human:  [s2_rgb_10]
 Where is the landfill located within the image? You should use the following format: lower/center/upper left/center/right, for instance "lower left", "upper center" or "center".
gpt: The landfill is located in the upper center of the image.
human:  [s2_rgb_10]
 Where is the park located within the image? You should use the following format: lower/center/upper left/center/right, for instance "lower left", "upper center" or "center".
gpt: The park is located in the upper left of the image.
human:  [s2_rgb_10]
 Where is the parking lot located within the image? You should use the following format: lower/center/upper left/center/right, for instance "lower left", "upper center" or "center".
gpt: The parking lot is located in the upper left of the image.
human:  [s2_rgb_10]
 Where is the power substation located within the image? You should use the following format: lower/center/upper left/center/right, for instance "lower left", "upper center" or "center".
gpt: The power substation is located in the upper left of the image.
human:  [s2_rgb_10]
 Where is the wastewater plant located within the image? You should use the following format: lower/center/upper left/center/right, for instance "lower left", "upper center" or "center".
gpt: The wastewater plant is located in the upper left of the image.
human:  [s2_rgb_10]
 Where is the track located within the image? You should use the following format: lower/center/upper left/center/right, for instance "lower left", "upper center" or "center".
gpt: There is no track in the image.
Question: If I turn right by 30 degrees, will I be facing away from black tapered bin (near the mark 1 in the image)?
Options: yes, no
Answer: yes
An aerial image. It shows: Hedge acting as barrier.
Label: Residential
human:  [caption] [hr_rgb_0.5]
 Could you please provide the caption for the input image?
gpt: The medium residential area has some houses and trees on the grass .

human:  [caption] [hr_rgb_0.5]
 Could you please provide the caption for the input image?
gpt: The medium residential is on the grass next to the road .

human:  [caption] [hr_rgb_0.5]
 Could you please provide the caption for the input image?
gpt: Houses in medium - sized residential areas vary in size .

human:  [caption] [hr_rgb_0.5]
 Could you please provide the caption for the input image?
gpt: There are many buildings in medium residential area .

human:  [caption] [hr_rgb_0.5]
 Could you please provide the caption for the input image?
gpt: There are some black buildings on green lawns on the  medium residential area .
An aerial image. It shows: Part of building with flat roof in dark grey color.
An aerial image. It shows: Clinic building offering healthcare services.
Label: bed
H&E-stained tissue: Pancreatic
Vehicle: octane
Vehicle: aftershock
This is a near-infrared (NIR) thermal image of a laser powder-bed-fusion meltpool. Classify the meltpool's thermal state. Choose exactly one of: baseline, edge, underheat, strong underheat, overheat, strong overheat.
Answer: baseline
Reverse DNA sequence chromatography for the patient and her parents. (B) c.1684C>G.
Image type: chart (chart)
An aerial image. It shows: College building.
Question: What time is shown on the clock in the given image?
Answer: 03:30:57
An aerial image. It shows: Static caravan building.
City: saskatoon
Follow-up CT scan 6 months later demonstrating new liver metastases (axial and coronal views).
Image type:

Directions »
Give the number of lines in the listing that hold the string "parking", and supply nothing further.

Written solution »
2